The United States has issued a firm directive to operators of Chinese-built, owned, or operated vessels, requiring them to pay new port docking fees before arrival at any U.S. port.
The guidance, released by U.S. Customs and Border Protection (CBP), marks the first formal clarification on the pending USTR Section 301 Vessel Fees, which are due to take effect on 14 October.
CBP stated that all payments must be made through the U.S. Treasury’s Pay.gov system at least three days prior to arrival. The agency warned that ships arriving without proof of payment may be denied permission to load or unload cargo and could have their port clearance withheld until payment verification is completed.
According to the guidance, the responsibility for confirming whether a vessel owes the fee rests entirely with the operator. CBP made it clear that “the burden for determining if a vessel owes the fee is on the operator, not CBP,” and that operators should not expect to pay at the port of entry.
The Section 301 Vessel Fees are part of U.S. trade measures targeting China’s dominance in the global shipbuilding industry. Under the new system, Chinese-owned or operated vessels will pay $50 per net ton, with the fee increasing by $30 per ton each year from 2026 through 2028.
Ships that are Chinese-built but operated by non-Chinese entities will face a lower fee, $18 per net ton or $120 per container discharged, whichever is higher. This charge will rise by $5 per ton annually until April 2028.
Roll-on/roll-off (Ro-Ro) vehicle carriers will pay $14 per net ton. Each vessel will be charged up to five times per year, depending on the number of port calls made.
CBP confirmed that fees must be paid electronically via bank transfer through Pay.gov, where the system will automatically calculate charges based on vessel information entered by the operator, including name, port of arrival, estimated arrival date, IMO number, voyage number, and operator name.
The new requirements are expected to affect several major container shipping companies, including COSCO Shipping and Orient Overseas Container Line (OOCL), both of which are Chinese-owned. According to data from industry research firm Alphaliner, the top ten container carriers could collectively pay more than $3.2 billion in U.S. port fees in 2026.
COSCO Shipping could face around $1.53 billion in charges if its fleet deployment remains unchanged, while Israel-based ZIM may pay approximately $510 million. Ocean Network Express (ONE) is expected to incur about $363 million, though it has already reduced exposure by removing ten Chinese-built vessels from its U.S. services.

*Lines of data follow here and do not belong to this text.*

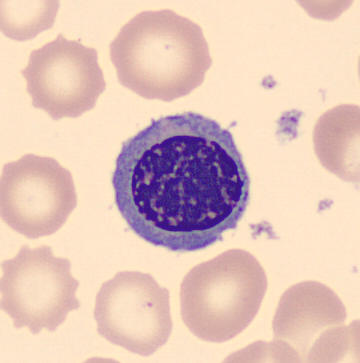 Imaged on a CellaVision DM96 analyser · peripheral blood film.

Morphology → erythroblast.
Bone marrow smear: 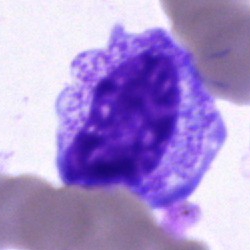
Showing a myelocyte.
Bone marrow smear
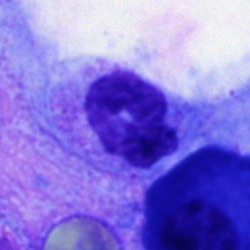Morphology → artefact.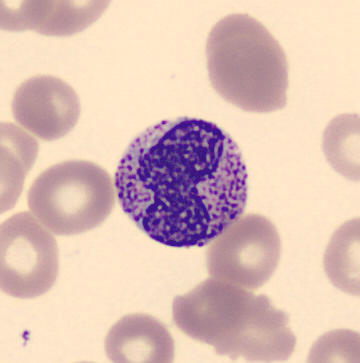The cell shown is a metamyelocyte.
Preparation: Peripheral blood film.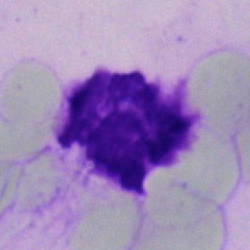

Specimen: bone marrow aspirate smear.
Cell: artifact.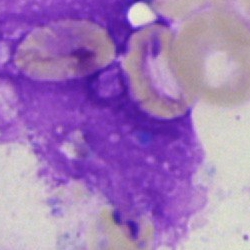

Specimen: bone marrow aspirate smear.
Cell: artefact.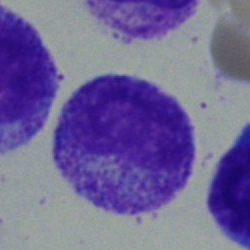
{"cell_type": "myelocyte"}
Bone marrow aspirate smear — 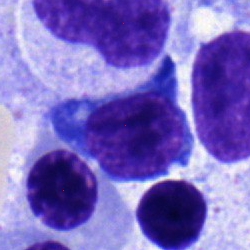
A nucleated red cell.
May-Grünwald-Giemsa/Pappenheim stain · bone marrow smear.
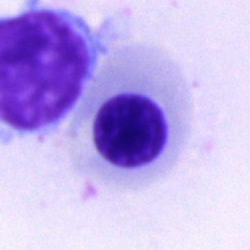
Specimen: bone marrow smear.
Morphological class: nucleated red cell.
Lineage: erythroid.
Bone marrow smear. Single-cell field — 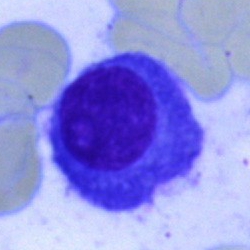
Specimen: bone marrow aspirate smear.
Morphological class: plasma cell.
Lineage: lymphoid.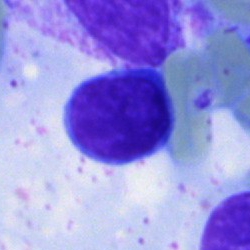The morphological class is typical lymphocyte.
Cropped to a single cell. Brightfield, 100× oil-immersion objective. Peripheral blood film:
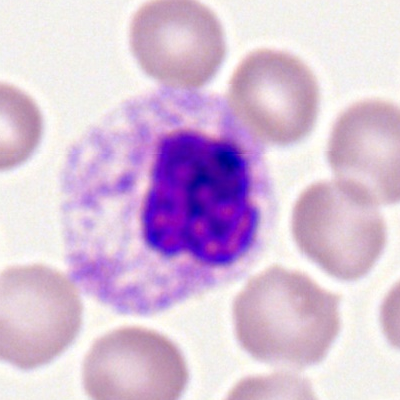

Showing a segmented neutrophil.
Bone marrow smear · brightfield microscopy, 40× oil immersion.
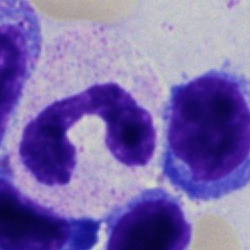 Q: Which cell type is shown here?
A: Segmented neutrophil.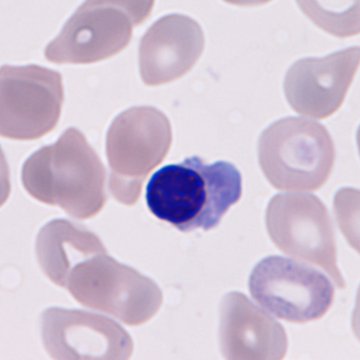
Preparation: Peripheral blood film.
Morphology consistent with an erythroblast.
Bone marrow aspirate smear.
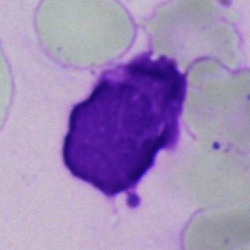

Cell type = artefact.
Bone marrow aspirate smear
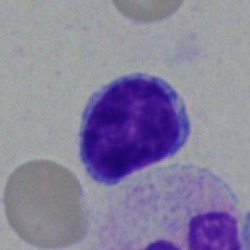
Q: Identify the cell.
A: It is a lymphocyte.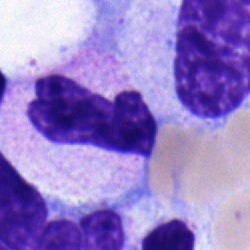Impression → polymorphonuclear neutrophil.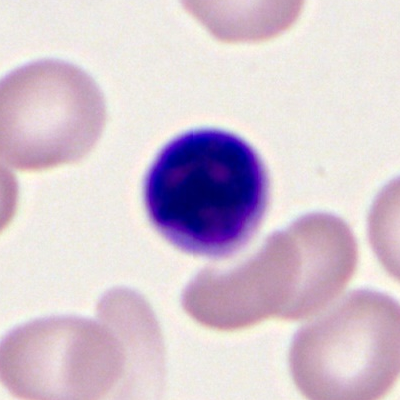 {"cell_type": "typical lymphocyte"}
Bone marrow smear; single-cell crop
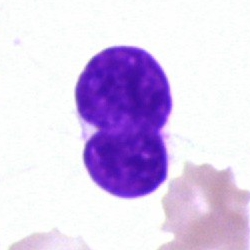Single cell identified as an artifact.
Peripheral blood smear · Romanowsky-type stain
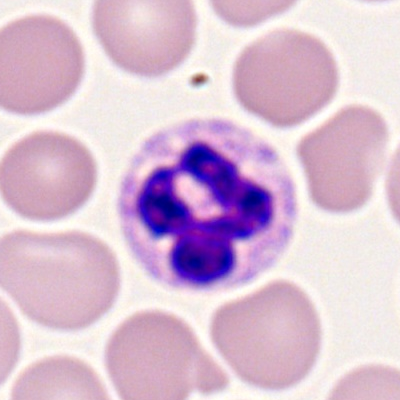
Cell = polymorphonuclear neutrophil.
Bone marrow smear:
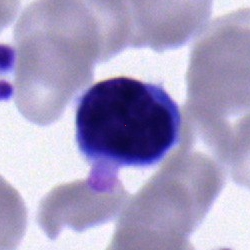

Morphology consistent with a lymphocyte.
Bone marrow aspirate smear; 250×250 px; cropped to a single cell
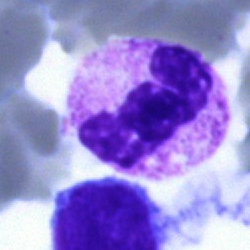Showing a segmented neutrophil.
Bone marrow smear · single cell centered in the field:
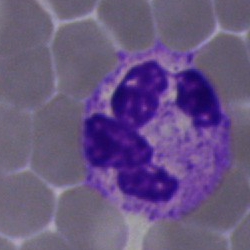

The cell is segmented neutrophil.
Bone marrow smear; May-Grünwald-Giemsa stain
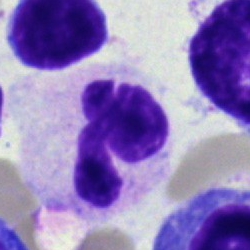 Q: What cell is this?
A: It is a polymorphonuclear neutrophil.
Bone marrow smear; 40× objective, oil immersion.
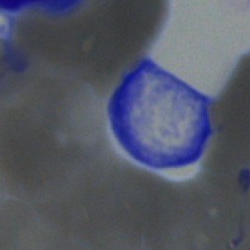

The morphological class is artefact.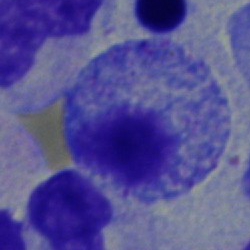 Q: Identify the cell.
A: This is a myelocyte.
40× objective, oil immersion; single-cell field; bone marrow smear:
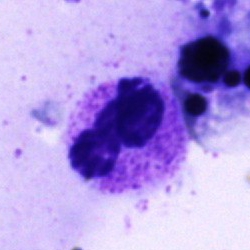Morphological class — neutrophil (segmented).
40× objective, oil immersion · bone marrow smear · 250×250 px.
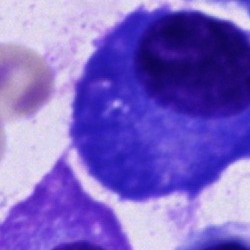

ONE announced that it will not introduce new surcharges to recover the cost from customers and confirmed that service coverage would remain unchanged. Its alliance partners, Hyundai Merchant Marine (HMM) and Yang Ming, are largely exempt from the new charges due to their non-Chinese-built fleets, which may help reduce overall exposure.
While CBP’s update confirmed the payment process, it did not provide new operational details. Legal experts, including Jeanne Grasso of the U.S. law firm Blank Rome, noted that the shipping industry is still awaiting further clarification from the Office of the U.S. Trade Representative (USTR), which is expected to publish a detailed FAQ.
In anticipation of the new fees, some shipping companies have begun adjusting their operations. Seaspan Corporation, the world’s largest independent charter owner of container vessels, has moved its headquarters from Hong Kong to Singapore and plans to reflag around 100 vessels to the Singaporean registry to avoid potential penalties.
Meanwhile, China has introduced a retaliatory decree authorising its government to impose special fees or port restrictions on vessels from countries that apply discriminatory measures against Chinese operators or crew. The countermeasures could include higher port charges or restrictions on port access for U.S.-linked vessels.